Las cabezas de sus dos hermanos, su padre y su madre estallaron al instante. Regaron la estancia de sangre. Los vidrios se hicieron añicos. El mobiliario rodado se desplazó hasta chocar con los paramentos. La familia que vivía en el piso superior y quienes se encontraban en las oficinas colindantes sufrieron una suerte parecida: tras inexplicables convulsiones, todos fallecieron perdiendo sangre por nariz, oídos y boca. Las autopsias mostraron que todo el tejido blando dentro del cráneo estaba prácticamente licuado.

Tsudo despertó en una celda de ultra-plast reforzado seis días después. En el mismo habitáculo había un inodoro autolavable y estaba provisto de un torno para suministrarle píldoras alimenticias y agua. A su alrededor había una docena de personas con batas de científico y había pocos espacios en la planta de la habitación que no estuvieran ocupados por sofisticado aparataje electrónico.

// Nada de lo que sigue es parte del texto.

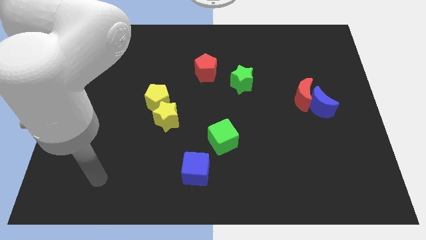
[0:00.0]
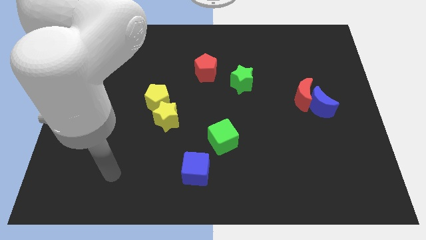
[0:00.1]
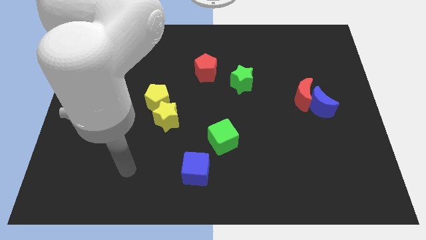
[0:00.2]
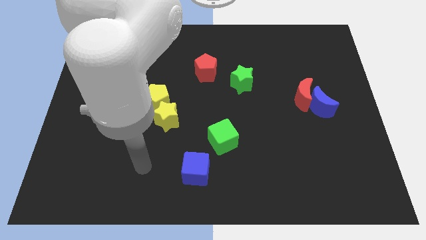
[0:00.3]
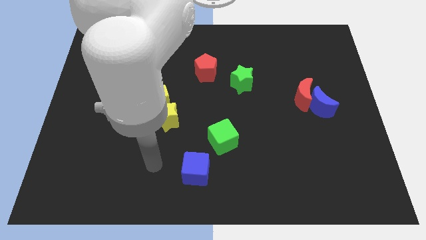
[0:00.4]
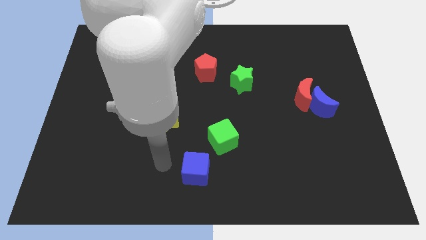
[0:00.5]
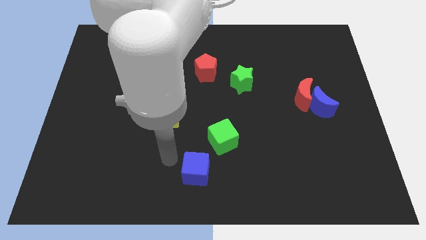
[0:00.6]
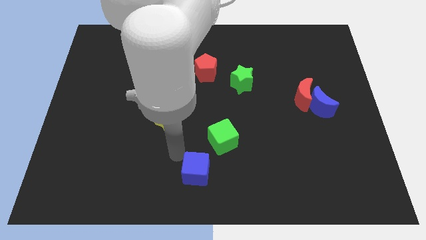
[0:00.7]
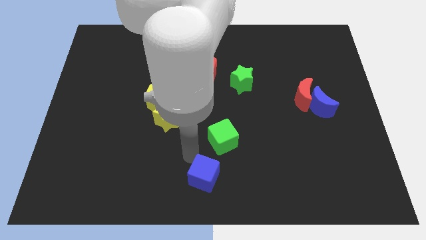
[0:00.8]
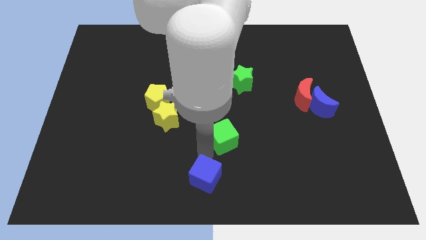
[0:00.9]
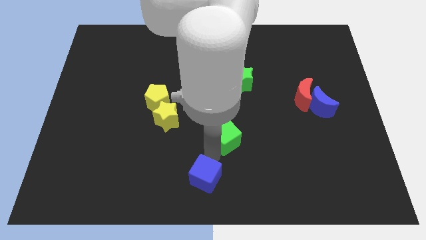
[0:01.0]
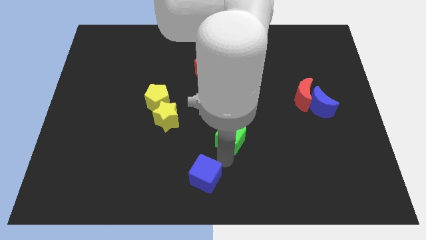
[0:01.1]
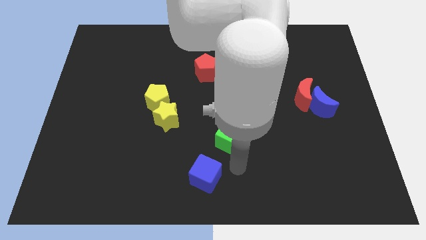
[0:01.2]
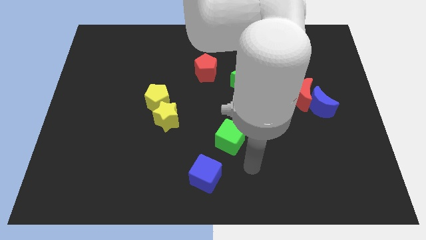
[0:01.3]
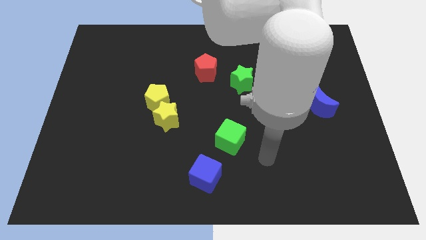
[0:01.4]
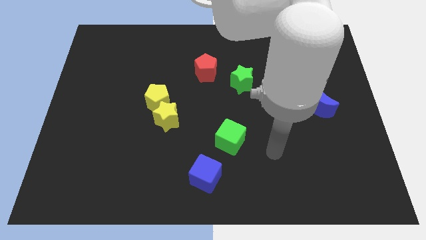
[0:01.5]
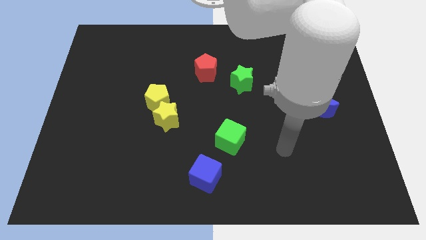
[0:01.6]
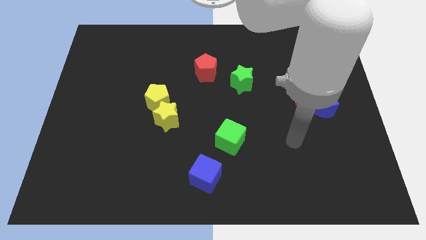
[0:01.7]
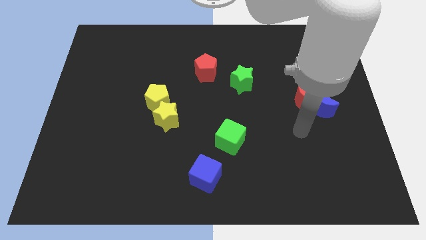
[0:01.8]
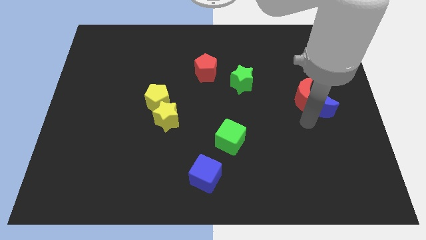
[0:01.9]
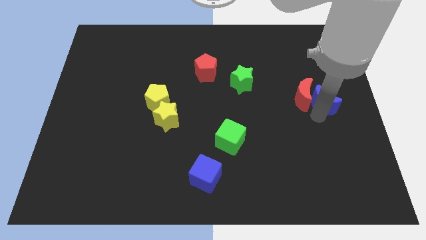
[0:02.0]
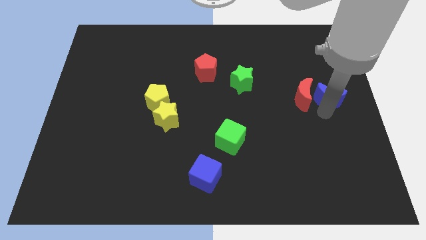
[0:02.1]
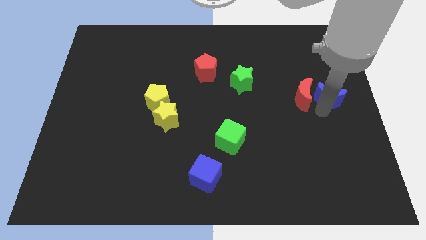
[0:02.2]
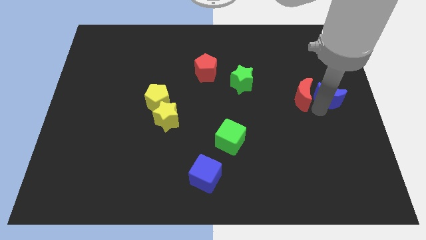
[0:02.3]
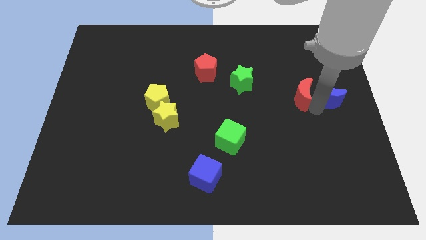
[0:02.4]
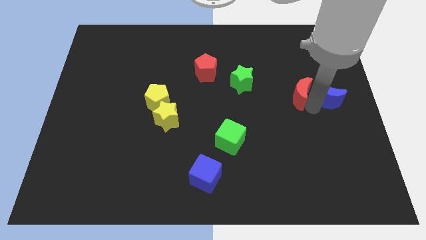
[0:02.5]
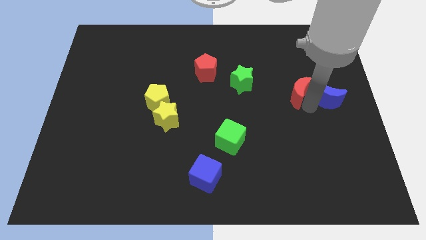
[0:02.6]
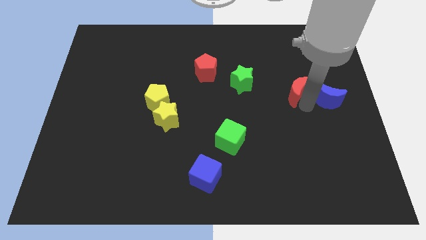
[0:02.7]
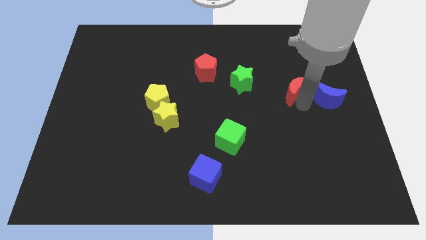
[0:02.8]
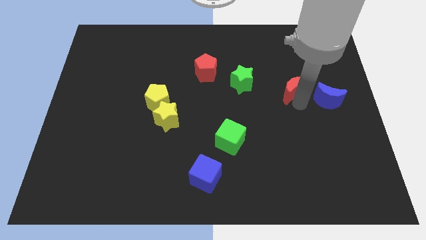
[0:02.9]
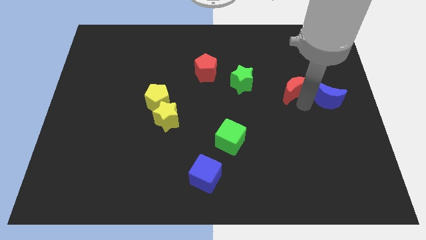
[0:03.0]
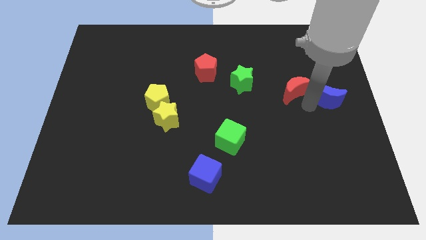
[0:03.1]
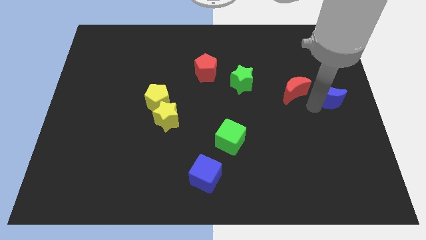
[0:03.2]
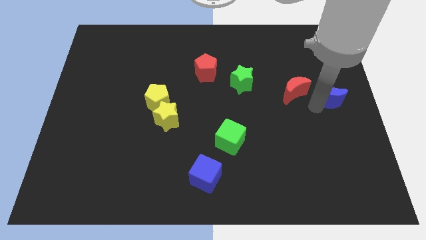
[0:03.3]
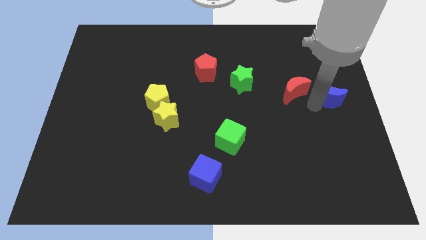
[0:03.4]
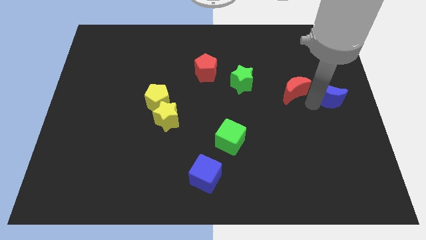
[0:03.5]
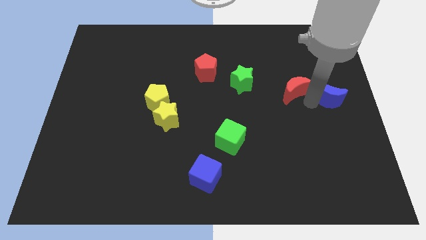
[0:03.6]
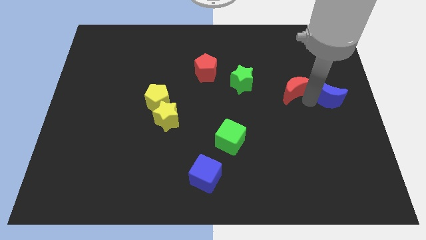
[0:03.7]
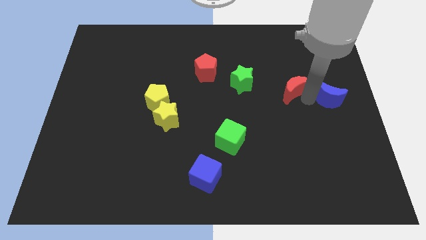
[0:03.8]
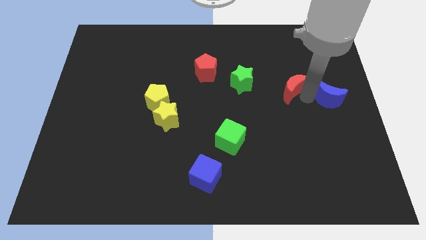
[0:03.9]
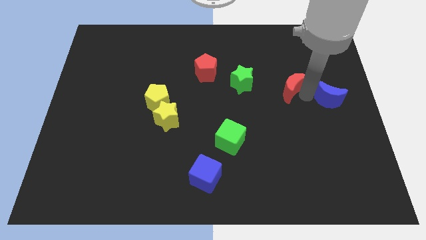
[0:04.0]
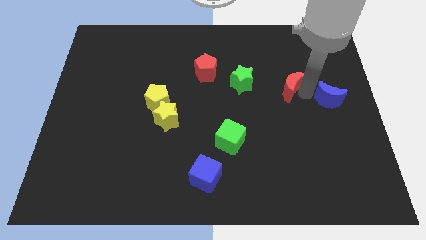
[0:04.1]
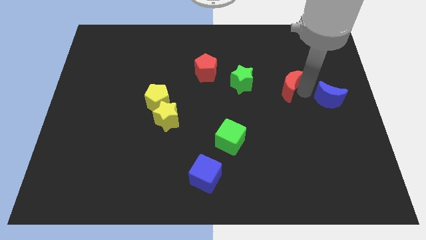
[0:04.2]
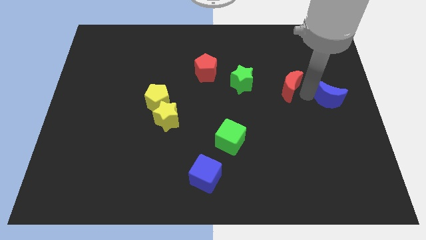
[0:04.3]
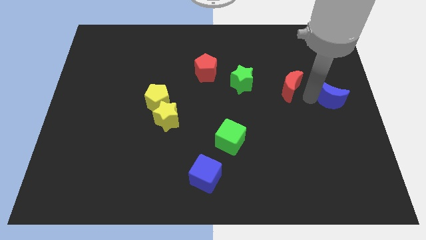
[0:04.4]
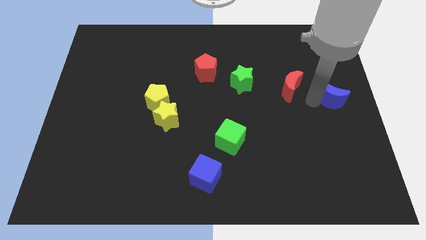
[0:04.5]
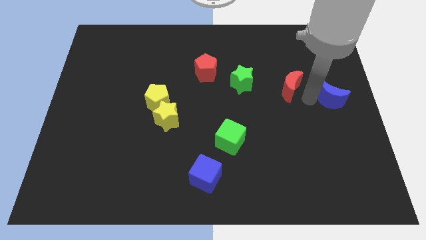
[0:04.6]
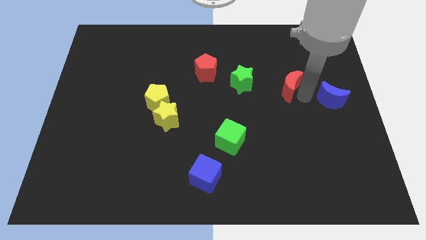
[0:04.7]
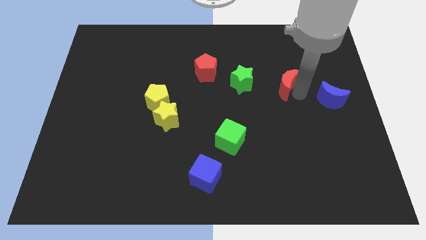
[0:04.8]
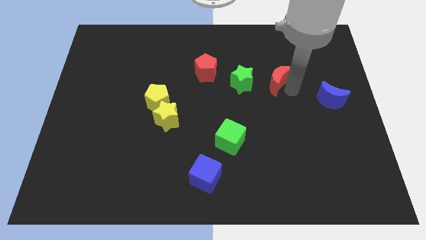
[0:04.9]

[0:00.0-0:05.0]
slightly slide the red moon diagonally up and to the left

Tres semanas más tarde comparecía, dentro de aquel mismo habitáculo de seguridad , ante el tribunal que dictaría la sentencia por Homicidio Grupal Involuntario. En ningún momento se citó el verdadero motivo que lo llevó a un aislamiento vigilado y a una posterior permuta por trabajos forzados en los confines del Imperio. No había ningún código penal que penase la mutación genética que padecía. Pero sí había un miedo insondable hacia los individuos con capacidades psiónicas de primera magnitud.

El golpe de la maza de la Jueza Jefe contra la plancha de vidrio metal sobre su mesa sonó como un cañonazo. Devolvió a Tsudo Go a la realidad del presente. A su alrededor, las caras preocupadas de sus compañeros de viaje: los otros dos reos y la monja. Pudo ver un gesto de alivio en Mina y la sonrisa cálida de Dodzi.

Pero no había tiempo para demasiada conversación o abrazos. Proveniente del pasillo sobre el que había flotado un orbe robótico antes de ser destruido por Mina, un grito agudo y breve los obligó a ponerse en marcha.